Swift generics: return type based on parameter type
Well remarkably this works...
func filterType<T>(list: [AnyObject]) -> [T]
{
return list.filter{ $0 is T }.map{ $0 as! T }
}
...provided you assign the result to something that has been explicitly typed, as in the following example:
class ObjectSuperClass: CustomStringConvertible
{
let myType: String
init(aString: String)
{
myType = aString
}
var description: String { return myType }
}
class ObjectClass1: ObjectSuperClass
{
init()
{
super.init(aString: "<t 1>")
}
}
class ObjectClass2: ObjectSuperClass
{
init()
{
super.init(aString: "<t 2>")
}
}
let unfilteredList: [AnyObject] = [ ObjectClass1(), ObjectClass2(), ObjectSuperClass(aString: "<Who knows>")]
let filteredList1: [ObjectClass1] = filterType(list: unfilteredList)
print("\(filteredList1)") // <t 1>
let filteredList2: [ObjectClass2] = filterType(list: unfilteredList)
print("\(filteredList2)") // <t 2>
let filteredList3: [ObjectSuperClass] = filterType(list: unfilteredList)
print("\(filteredList3)") // [<t 1>, <t 2>, <Who knows>]
T is inferred in each case from the requested return type. The function itself filters the original array based on whether the elements are of the required type and then force casts the filtered results to the correct type.
If you want an "extra filter" you don't need to explicitly type the results as long as T can be inferred from your extra filter function.

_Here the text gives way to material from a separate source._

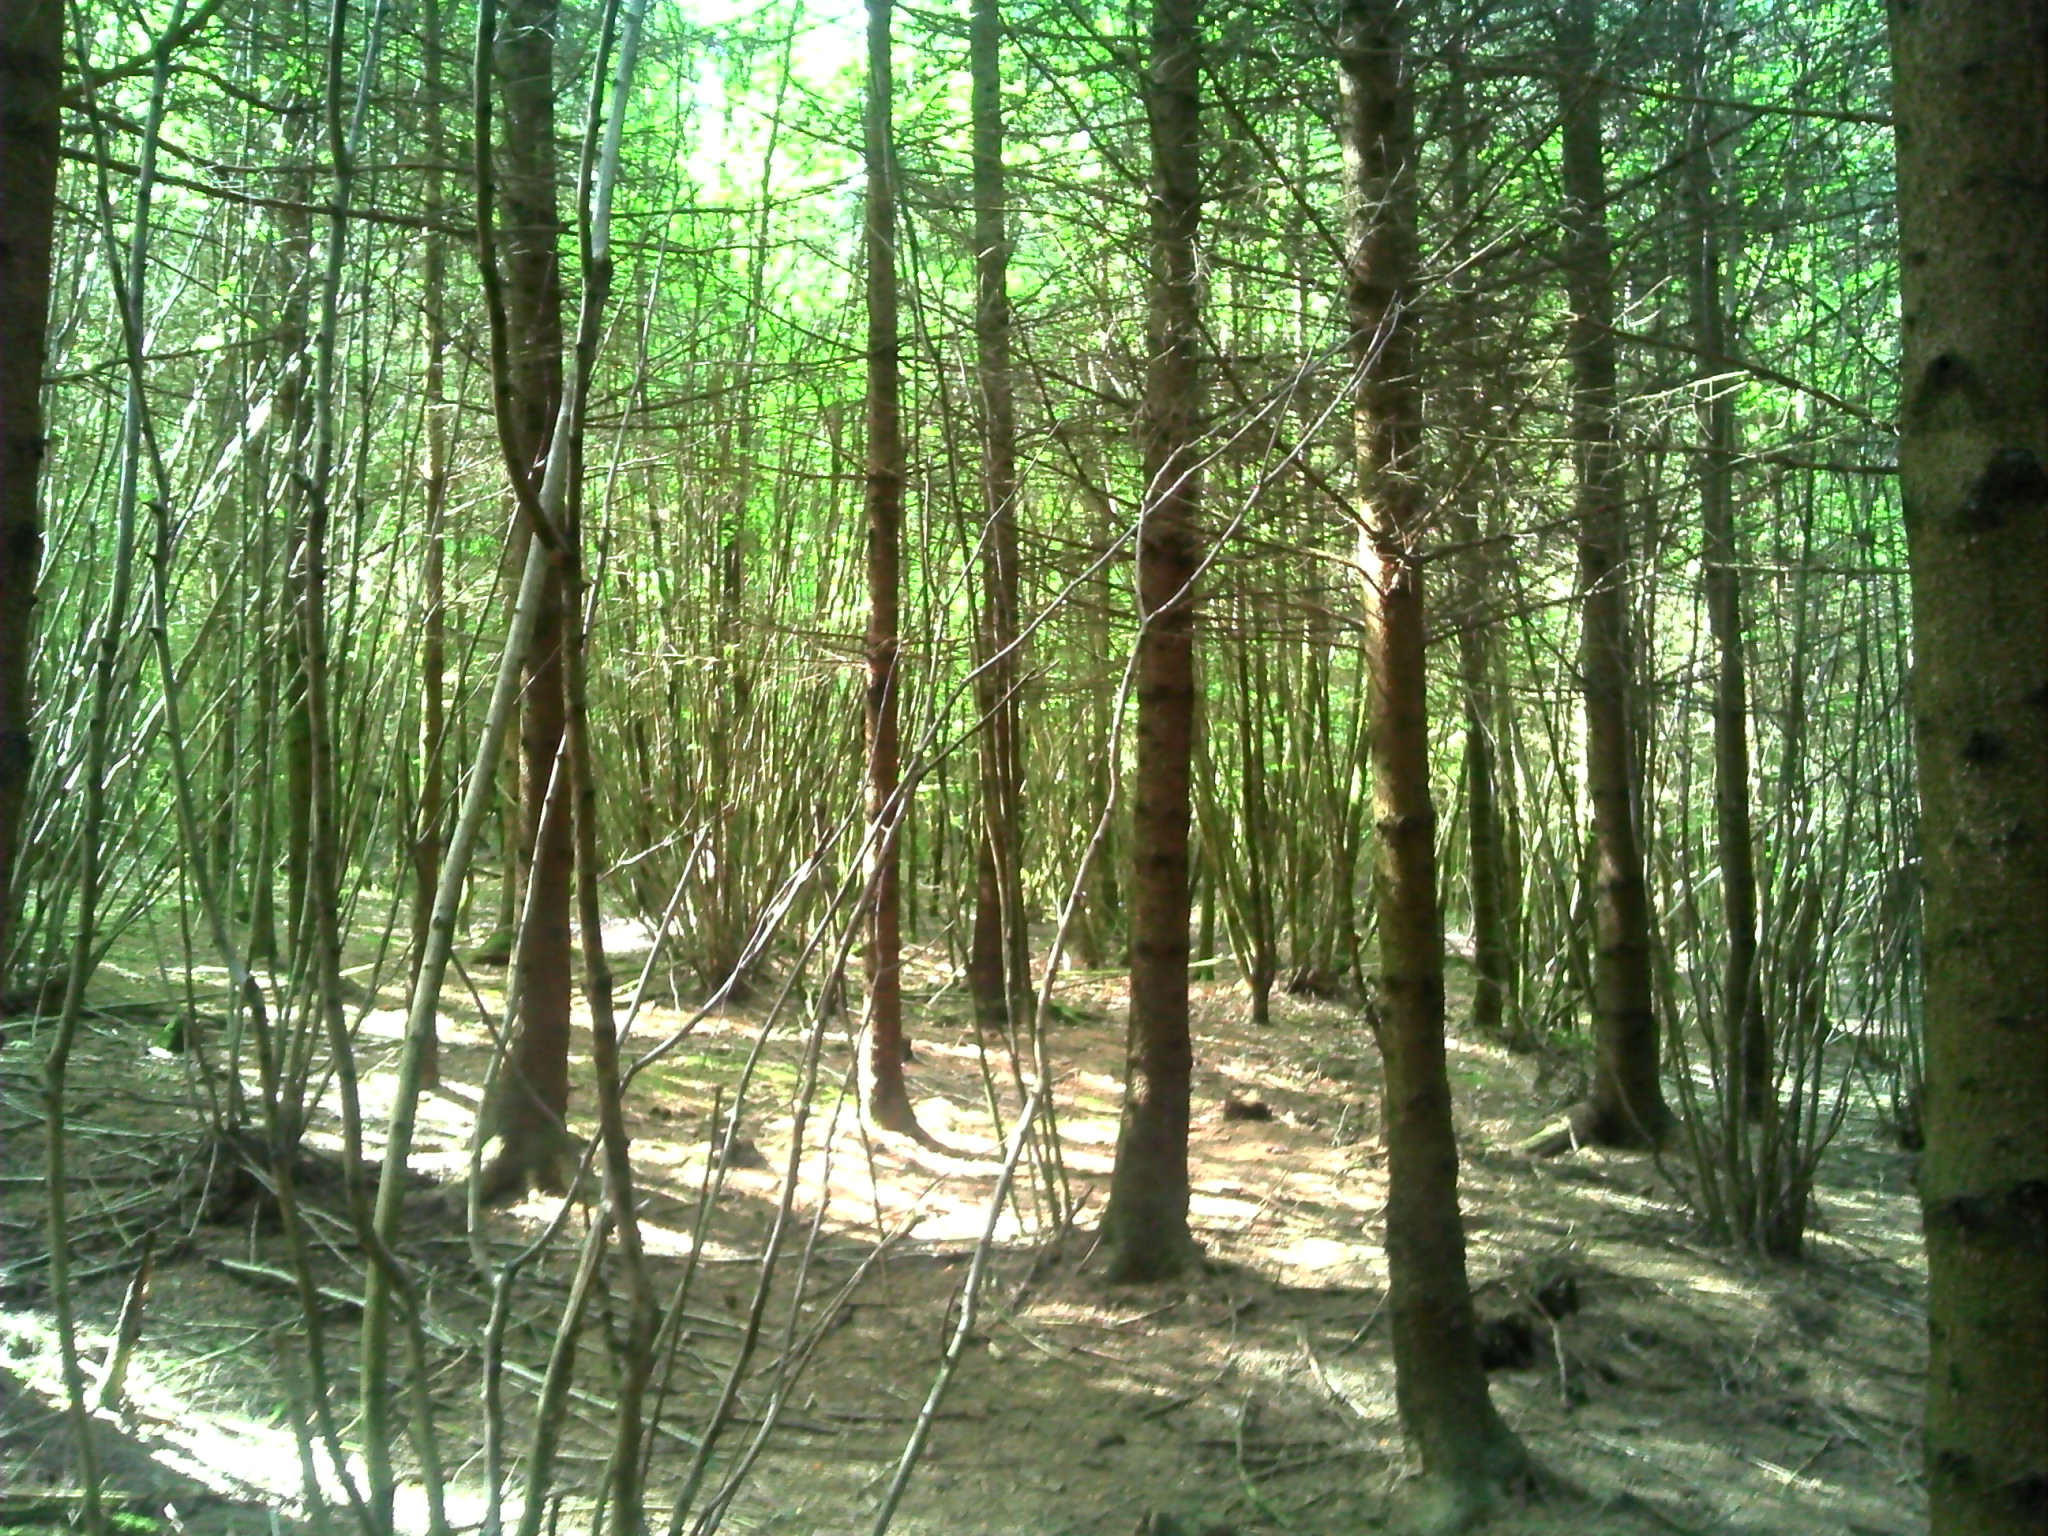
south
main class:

func extraFilterType<T>(list: [AnyObject], extraFilter: T -> Bool) -> [T]
{
return list.filter{ $0 is T }.map{ $0 as! T }.filter(extraFilter)
}
let filteredList = extraFilterType(unfilteredList){
(element : ObjectClass2) -> Bool in
!element.description.isEmpty
}
print("\(filteredList)") // <t 2>
EDIT
A slicker version of the filterType
function would use flatMap()
func filterType<T>(list: [Any]) -> [T]
{
return list.flatMap{ $0 as? T }
}
EDIT 2
Flatmap is deprecated for optionals, since Swift 4.something, use compactMap
func filterType<T>(list: [Any]) -> [T]
{
return list.compactMap{ $0 as? T }
}
You can implement the function like this:
func objectsOfType<T: ObjectSuperClass>(objects: [ObjectSuperClass], subclass: T.Type, otherFilter: (T->Bool)?) -> [T] {
if let otherFilter = otherFilter {
return objects.filter{$0 is T && otherFilter($0 as! T)}.map{$0 as! T}
} else {
return objects.filter{$0 is T}.map{$0 as! T}
}
}
Usage example:
objectsOfType(arrayOfObjects, subclass: ObjectClass1.self, otherFilter: nil)
Note that I'm not a fan of forced casting, however in this scenario it should not cause problems.
Or, the more verbose version of the function, with one less forced cast:
func objectsOfType<T: ObjectSuperClass>(objects: [ObjectSuperClass], subclass: T.Type, otherFilter: (T->Bool)?) -> [T] {
return objects.filter({object in
if let object = object as? T {
if let otherFilter = otherFilter {
return otherFilter(object)
} else {
return true
}
} else {
return false
}
}).map({object in
return object as! T
})
}
This is the closest approximation I can come up with:
func objectsOfType<T: ObjectSuperClass>(type type: T.Type) -> [T] {
// Just returns an array of all objects of given type
}
func objectsOfType<T: ObjectSuperClass>(type type: T.Type, predicate: T -> Bool) -> [T] {
// Uses predicate to filter out objects of given type
}
Usage:
let bar = objectsOfType(type: ObjectClass1.self)
let baz = objectsOfType(type: ObjectClass2.self) {
// Something that returns Bool and uses $0
}
Technically, you can also go without type
argument in the above, but then you will need to have explicitly typed receivers (bar
and baz
in the above example) so that Swift can correctly infer the types for you and use the right version of the generic function.